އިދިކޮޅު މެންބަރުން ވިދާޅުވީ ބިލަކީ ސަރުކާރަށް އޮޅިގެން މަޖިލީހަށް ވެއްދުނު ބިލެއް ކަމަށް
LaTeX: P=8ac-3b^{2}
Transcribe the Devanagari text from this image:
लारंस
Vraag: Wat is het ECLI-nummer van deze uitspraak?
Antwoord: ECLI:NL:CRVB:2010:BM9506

■ ■ ■ ■ ■

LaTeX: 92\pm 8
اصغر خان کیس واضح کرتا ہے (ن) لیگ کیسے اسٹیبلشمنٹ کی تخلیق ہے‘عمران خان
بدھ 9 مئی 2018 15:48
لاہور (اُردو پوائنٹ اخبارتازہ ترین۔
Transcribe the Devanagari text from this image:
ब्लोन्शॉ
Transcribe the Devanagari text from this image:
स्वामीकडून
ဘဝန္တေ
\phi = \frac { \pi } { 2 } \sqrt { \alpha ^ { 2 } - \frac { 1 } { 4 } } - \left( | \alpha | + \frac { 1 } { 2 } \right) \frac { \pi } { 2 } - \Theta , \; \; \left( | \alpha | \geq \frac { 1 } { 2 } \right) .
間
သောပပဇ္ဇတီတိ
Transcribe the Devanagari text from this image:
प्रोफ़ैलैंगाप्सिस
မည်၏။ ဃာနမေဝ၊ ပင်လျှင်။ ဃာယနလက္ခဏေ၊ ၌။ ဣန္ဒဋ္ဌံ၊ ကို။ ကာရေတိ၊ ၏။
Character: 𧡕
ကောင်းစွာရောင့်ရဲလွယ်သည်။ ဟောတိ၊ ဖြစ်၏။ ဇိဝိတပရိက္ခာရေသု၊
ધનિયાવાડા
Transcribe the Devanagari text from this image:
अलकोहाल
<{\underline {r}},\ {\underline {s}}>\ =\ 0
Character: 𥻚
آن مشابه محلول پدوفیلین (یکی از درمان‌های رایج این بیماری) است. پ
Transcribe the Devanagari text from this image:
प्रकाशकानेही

■ ■ ■ ■ ■

• WHAT NEEDS TO BE DONE: A single figure is the whole answer: the number of lines in the listing that contain the word "ECLI".

• SOLUTION TO THE PROBLEM: 2